The distinction is an important one since, as was stated in Teamsters, supra, at 335 n.15, under a disparate treatment theory, "[proof] of discriminatory motive is critical," whereas under a disparate impact theory proof of discriminatory motive is not required. Id. See, e.g., Griggs v. Duke Power Co., 401 U.S. 424, 430-432, 91 S. Ct. 849, 28 L. Ed. 2d 158 (1971); Dothard v. Rawlinson, 433 U.S. 321, 328, 97 S. Ct. 2720, 2726, 53 L. Ed. 2d 786 (1977). As defendants point out in their Supplemental Memorandum of Law, at pp. 10-11, the Supreme Court's citation, in Teamsters, 431 U.S. at 335 n.15, to its previous opinion in Village of Arlington Heights v. Metropolitan Housing Development Corp., 429 U.S. 252, 50 L. Ed. 2d 450, 97 S. Ct. 555 (1977), is most instructive with respect to proof of discriminatory motive. In Arlington Heights, the Court noted that, since legislators and administrators are concerned with balancing numerous competing considerations in making decisions, as must the administration of Swarthmore, "courts refrain from reviewing the merits of their decisions, absent a showing of arbitrariness or irrationality." 429 U.S. at 265-266. This judicial deference is no longer justified "[when] there is a proof that a discriminatory purpose has been a motivating factor in the decision . . . ." Id.
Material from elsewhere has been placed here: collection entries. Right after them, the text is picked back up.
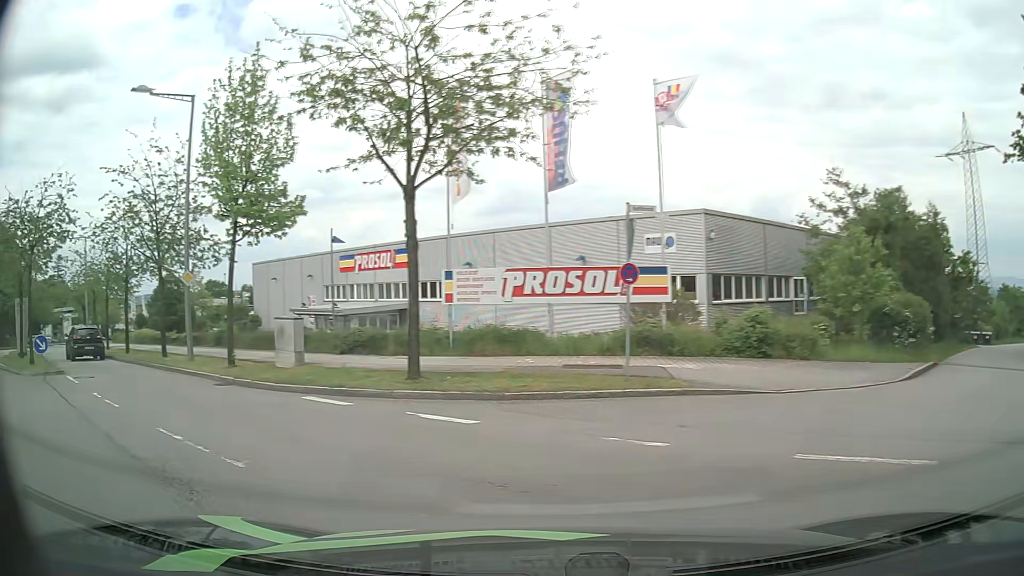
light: Day
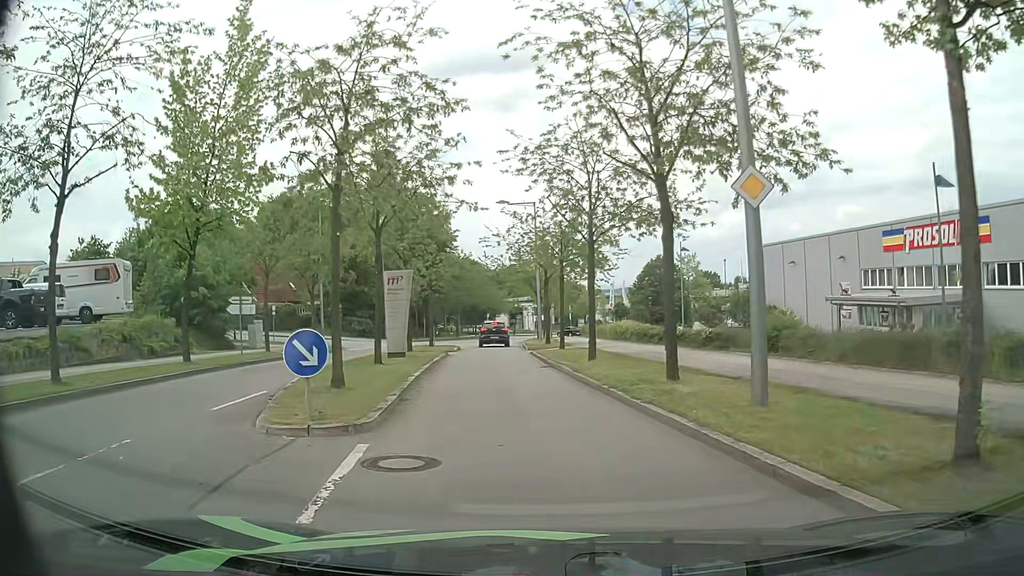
(-7.2, +12.1) m; -45°
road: residential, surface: asphalt
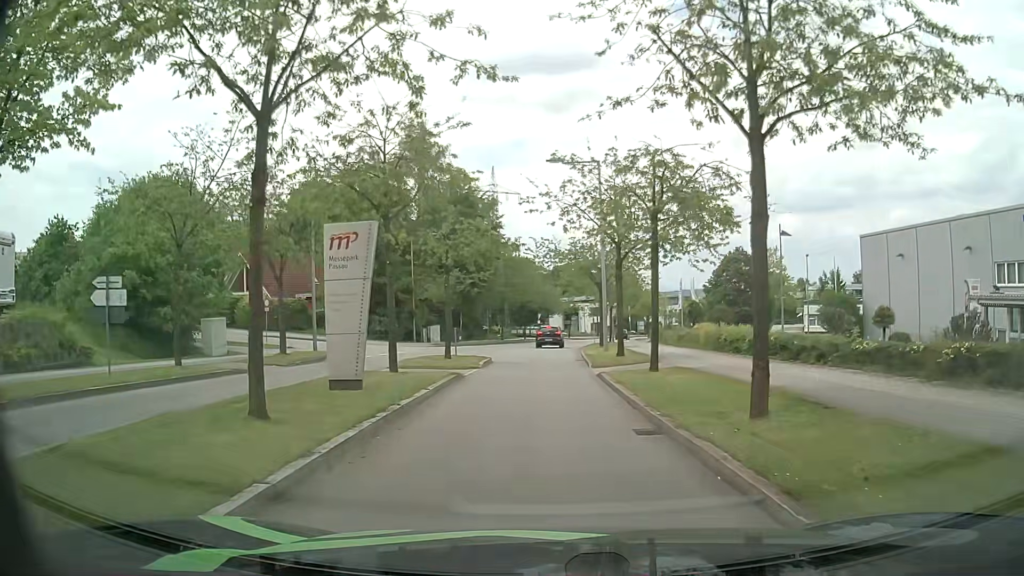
(-0.1, +11.6) m; -2°
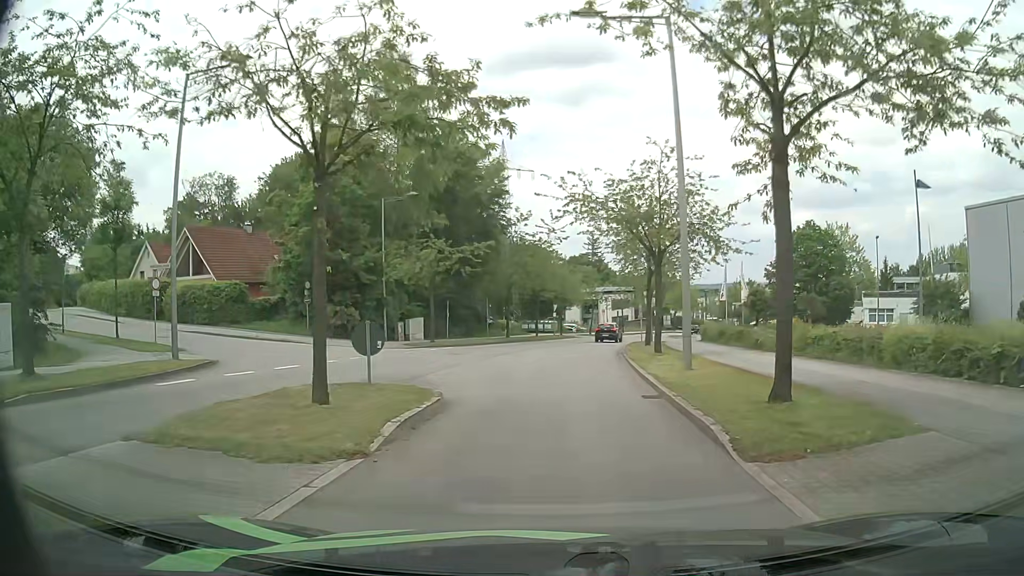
(-0.4, +15.4) m; -2°
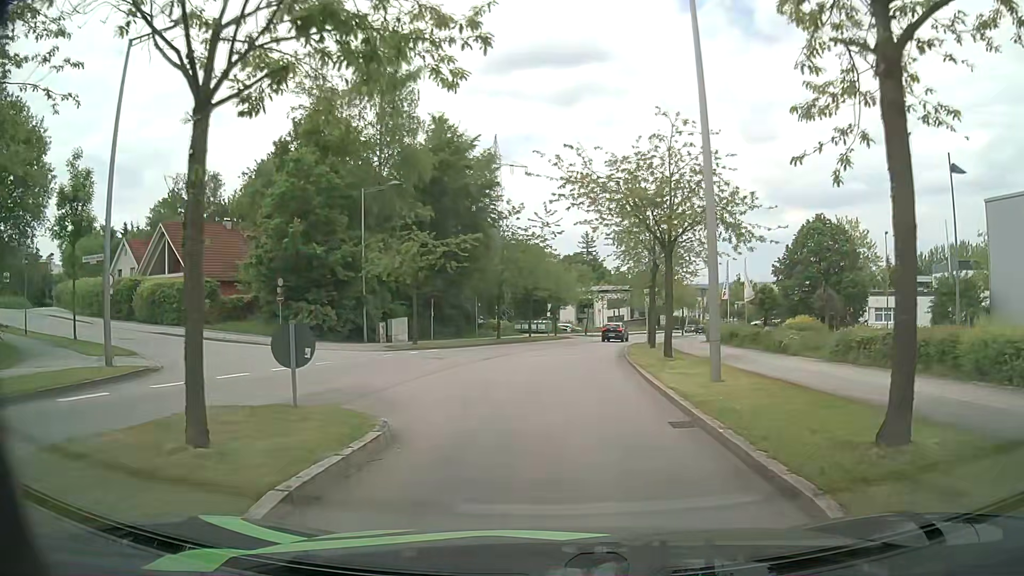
(0.0, +3.4) m; +1°
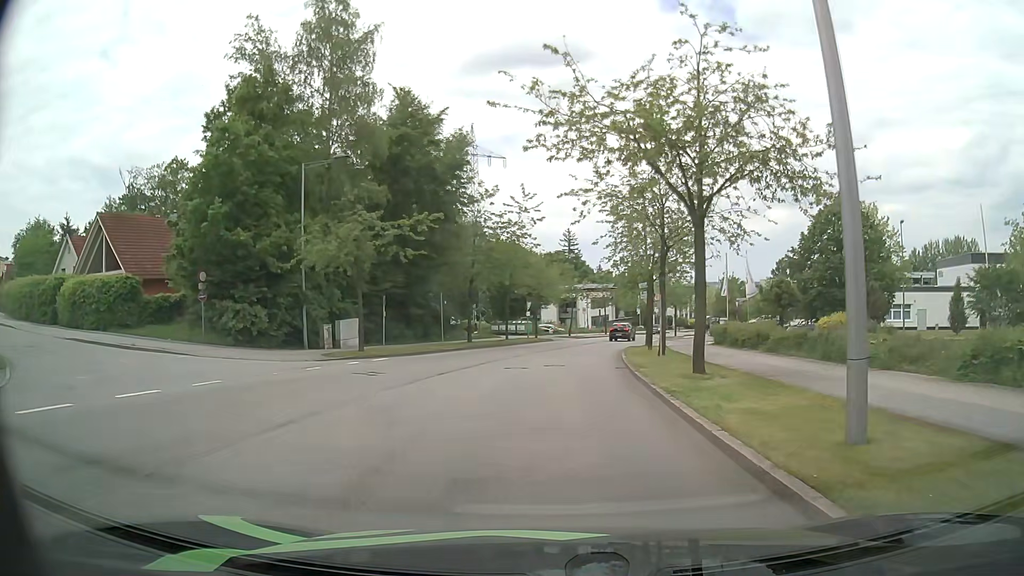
(+0.2, +7.0) m; +2°
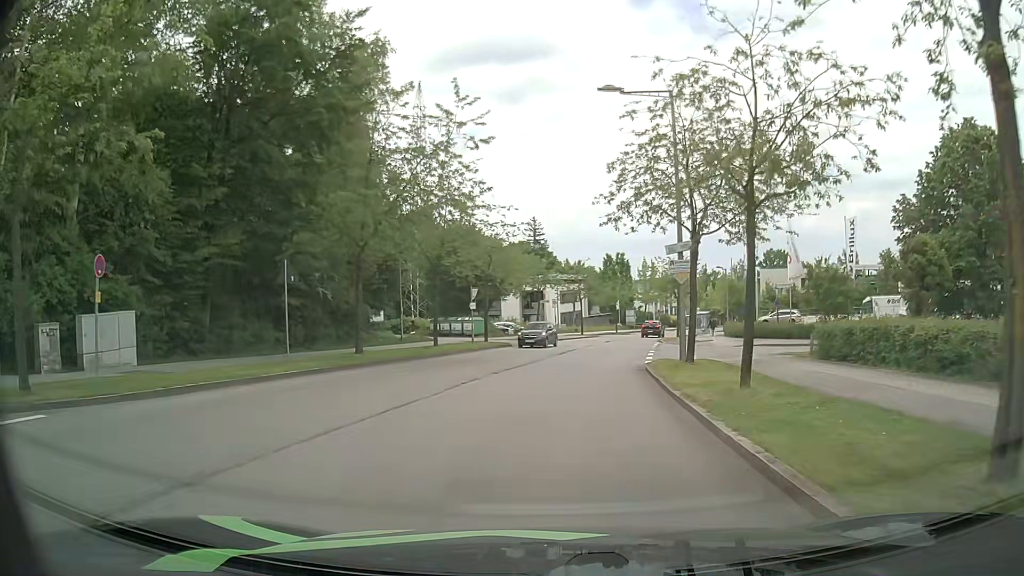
(+0.3, +18.9) m; +3°
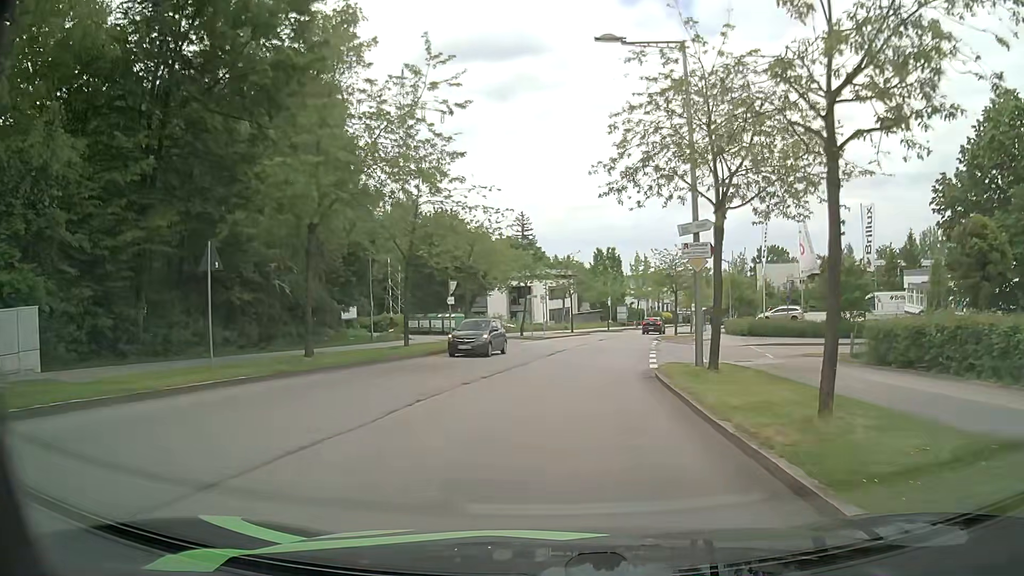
(0.0, +4.1) m; +1°
(0, +10) (+1, +20) (+2, +30) (+3, +40) (+5, +50) (+8, +59) (+10, +69) (+13, +78) (+17, +88) (+20, +97) m

The Court in Arlington Heights then went on to explain as to how one might establish an invidious discriminatory purpose:
Determining whether invidious discriminatory purpose was a motivating factor demands a sensitive inquiry into such circumstantial and direct evidence of intent as may be available. The impact of the official action -- whether it "bears more heavily on one race than another," Washington v. Davis, 426 U.S. 229, at 242 -- may provide an important starting point. Sometimes a clear pattern, unexplainable on grounds other than race, emerges from the effect of the state action even when the governing legislation appears neutral on its face. . . . The evidentiary inquiry is then relatively easy. But such cases are rare. Absent a pattern as stark as that in Gomillion or Yick Wo, impact alone is not determinative, and the Court must look to other evidence.
Accordingly, it is the plaintiff's burden in a Title VII disparate treatment case to establish not only the existence of disparate treatment but also that such treatment was caused by purposeful or intentional discrimination.
Since plaintiffs in effect have brought a pattern and practice case, Teamsters explicitly defined what the plaintiffs must do in order to establish a prima facie case of class discrimination. They must show that alleged differences in treatment between men and women are sexually premised. In addition, since plaintiffs alleged a system-wide pattern or practice of resistance to the full enjoyment of Title VII rights, they must show by a preponderance of the evidence that sex discrimination against female faculty members is the standard operating procedure of Swarthmore. As the Teamsters Court noted:
the Government ultimately had to prove more than the mere occurrence of isolated or "accidental" or sporadic discriminatory acts. It had to establish by a preponderance of the evidence that racial discrimination was the company's standard operating procedure -- the regular rather than the usual practice. 431 U.S. 324 at 336 (footnote omitted).